- **PROBLEM REQUIREMENTS**
Copy out each line of the listing below in which the string "posts" occurs.

::::::::

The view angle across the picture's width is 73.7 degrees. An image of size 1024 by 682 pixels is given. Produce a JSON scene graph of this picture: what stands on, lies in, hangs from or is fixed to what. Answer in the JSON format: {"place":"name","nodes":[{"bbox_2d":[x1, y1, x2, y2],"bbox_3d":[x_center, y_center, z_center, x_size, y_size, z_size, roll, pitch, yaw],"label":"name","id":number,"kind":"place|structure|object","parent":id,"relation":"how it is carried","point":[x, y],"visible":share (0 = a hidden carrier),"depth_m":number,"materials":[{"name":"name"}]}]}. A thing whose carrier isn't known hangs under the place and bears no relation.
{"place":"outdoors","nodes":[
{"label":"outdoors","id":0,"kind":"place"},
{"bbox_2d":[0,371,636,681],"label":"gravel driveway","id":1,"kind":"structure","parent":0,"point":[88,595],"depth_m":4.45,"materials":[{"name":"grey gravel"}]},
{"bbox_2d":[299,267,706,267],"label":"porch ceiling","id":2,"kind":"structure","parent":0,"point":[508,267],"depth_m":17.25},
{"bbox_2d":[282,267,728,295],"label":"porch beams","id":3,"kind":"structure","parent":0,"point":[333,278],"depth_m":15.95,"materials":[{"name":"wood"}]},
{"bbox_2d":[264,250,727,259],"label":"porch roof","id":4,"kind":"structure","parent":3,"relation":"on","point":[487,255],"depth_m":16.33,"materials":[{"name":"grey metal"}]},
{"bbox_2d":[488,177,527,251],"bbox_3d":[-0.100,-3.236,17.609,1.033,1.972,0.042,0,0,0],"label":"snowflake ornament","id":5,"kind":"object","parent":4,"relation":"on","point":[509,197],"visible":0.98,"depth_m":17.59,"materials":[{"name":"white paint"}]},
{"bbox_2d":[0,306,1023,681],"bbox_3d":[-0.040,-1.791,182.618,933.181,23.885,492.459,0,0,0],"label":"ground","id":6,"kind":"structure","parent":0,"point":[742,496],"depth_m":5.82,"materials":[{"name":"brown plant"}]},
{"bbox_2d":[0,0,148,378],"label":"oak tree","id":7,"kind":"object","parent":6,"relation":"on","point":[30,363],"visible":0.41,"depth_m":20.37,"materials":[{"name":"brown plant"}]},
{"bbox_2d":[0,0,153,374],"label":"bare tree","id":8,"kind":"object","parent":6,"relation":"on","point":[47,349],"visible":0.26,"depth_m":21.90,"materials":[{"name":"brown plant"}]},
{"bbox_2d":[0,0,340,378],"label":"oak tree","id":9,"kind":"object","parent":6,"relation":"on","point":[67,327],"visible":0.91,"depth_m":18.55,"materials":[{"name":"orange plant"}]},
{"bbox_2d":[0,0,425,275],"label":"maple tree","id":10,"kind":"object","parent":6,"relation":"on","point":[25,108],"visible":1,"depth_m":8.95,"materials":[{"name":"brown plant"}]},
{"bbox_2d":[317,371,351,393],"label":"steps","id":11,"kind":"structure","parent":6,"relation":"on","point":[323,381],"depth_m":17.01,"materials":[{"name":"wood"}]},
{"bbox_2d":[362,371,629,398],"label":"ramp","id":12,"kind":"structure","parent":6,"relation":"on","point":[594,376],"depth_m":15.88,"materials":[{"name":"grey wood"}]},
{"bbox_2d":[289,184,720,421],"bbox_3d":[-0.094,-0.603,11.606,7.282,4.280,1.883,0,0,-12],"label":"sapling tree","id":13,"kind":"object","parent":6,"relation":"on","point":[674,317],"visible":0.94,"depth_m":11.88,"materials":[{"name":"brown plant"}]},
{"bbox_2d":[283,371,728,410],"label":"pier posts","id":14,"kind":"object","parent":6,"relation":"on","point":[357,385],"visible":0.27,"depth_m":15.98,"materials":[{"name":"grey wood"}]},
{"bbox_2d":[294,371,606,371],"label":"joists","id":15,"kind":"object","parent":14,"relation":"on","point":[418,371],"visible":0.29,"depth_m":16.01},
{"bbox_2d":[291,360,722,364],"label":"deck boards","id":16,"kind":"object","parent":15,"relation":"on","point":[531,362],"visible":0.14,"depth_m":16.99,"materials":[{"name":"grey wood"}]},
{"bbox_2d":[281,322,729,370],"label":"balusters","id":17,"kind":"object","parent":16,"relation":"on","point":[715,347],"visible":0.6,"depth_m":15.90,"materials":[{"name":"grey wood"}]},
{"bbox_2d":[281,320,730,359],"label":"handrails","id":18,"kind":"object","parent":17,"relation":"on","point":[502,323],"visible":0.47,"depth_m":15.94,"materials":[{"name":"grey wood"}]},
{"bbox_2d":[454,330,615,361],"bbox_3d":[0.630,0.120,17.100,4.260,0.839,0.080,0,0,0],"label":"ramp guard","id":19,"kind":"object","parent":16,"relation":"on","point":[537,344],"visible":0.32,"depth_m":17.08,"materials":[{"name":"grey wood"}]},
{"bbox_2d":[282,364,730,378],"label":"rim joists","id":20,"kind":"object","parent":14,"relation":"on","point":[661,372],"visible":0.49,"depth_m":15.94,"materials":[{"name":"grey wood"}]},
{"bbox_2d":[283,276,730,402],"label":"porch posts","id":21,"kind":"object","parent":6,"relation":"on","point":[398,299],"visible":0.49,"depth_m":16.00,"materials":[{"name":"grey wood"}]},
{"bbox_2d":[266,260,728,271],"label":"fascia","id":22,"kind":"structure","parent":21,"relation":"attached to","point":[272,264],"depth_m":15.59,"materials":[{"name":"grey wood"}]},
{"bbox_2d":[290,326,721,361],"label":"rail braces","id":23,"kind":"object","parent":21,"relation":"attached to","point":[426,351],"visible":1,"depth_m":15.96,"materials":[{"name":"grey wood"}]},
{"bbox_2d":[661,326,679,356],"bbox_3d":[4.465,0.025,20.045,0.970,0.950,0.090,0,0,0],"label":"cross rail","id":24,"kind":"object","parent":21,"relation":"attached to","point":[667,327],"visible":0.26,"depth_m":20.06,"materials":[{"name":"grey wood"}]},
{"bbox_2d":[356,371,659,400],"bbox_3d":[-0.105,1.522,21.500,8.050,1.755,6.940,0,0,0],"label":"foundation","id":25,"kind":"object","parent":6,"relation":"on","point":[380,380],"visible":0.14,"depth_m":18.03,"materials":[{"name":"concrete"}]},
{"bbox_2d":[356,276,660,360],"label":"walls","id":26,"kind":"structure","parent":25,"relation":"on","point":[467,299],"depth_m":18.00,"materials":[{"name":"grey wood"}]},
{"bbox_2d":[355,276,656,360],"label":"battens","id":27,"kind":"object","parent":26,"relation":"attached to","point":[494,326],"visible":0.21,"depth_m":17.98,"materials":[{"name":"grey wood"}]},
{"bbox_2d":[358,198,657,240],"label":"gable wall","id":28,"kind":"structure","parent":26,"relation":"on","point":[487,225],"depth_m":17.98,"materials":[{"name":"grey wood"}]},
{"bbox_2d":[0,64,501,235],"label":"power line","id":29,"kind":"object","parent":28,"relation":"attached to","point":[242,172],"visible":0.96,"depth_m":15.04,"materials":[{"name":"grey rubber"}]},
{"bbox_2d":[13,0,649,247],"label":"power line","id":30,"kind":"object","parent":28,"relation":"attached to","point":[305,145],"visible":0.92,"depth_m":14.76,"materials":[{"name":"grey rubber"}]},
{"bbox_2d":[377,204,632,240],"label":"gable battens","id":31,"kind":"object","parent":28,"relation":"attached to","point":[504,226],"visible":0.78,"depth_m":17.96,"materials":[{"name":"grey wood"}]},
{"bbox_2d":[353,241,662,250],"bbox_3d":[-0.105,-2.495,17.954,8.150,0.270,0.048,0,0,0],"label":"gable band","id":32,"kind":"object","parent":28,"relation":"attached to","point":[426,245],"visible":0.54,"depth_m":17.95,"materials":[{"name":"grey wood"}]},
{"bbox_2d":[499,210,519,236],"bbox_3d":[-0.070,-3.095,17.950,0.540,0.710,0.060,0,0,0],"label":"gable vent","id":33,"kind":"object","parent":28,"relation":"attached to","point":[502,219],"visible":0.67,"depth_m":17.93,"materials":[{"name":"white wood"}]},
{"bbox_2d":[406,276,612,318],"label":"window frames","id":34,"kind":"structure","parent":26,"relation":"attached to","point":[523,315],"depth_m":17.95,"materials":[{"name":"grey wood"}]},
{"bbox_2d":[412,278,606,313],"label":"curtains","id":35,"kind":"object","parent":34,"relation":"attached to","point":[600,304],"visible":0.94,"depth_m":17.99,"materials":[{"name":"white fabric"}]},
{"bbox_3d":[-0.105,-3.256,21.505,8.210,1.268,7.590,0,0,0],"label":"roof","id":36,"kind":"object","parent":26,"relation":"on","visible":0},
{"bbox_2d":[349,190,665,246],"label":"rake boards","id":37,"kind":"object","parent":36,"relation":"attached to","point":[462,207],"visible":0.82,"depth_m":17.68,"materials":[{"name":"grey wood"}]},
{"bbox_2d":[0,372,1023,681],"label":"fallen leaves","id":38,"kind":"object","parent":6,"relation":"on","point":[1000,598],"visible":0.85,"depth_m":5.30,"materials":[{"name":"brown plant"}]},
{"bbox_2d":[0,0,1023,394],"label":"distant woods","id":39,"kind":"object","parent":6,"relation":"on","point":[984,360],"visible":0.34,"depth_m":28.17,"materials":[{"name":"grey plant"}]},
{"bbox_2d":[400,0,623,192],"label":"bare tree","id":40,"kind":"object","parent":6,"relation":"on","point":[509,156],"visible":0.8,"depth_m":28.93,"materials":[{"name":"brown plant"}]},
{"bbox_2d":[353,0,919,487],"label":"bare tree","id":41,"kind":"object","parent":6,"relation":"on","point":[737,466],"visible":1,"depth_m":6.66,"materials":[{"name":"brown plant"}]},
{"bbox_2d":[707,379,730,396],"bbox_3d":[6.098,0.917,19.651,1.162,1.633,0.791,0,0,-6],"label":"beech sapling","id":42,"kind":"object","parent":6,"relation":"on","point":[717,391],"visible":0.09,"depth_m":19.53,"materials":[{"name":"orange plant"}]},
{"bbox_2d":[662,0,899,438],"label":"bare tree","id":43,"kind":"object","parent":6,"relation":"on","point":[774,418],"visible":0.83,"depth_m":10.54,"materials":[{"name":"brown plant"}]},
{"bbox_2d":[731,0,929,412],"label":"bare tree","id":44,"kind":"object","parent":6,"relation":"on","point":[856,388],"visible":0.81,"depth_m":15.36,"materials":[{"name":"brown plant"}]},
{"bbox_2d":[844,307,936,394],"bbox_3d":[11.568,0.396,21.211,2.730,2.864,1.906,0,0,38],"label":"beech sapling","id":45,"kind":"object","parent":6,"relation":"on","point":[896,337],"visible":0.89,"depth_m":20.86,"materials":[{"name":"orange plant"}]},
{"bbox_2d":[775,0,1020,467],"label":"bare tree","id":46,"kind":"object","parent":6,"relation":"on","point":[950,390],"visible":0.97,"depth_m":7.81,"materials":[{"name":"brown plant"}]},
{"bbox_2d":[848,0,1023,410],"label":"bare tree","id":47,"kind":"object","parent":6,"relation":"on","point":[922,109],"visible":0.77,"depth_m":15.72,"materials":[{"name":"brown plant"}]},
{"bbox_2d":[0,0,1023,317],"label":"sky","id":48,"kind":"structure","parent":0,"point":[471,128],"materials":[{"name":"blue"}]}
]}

::::::::

- **OUTPUT FOR THIS TASK**
{"bbox_2d":[283,371,728,410],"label":"pier posts","id":14,"kind":"object","parent":6,"relation":"on","point":[357,385],"visible":0.27,"depth_m":15.98,"materials":[{"name":"grey wood"}]},
{"bbox_2d":[283,276,730,402],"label":"porch posts","id":21,"kind":"object","parent":6,"relation":"on","point":[398,299],"visible":0.49,"depth_m":16.00,"materials":[{"name":"grey wood"}]},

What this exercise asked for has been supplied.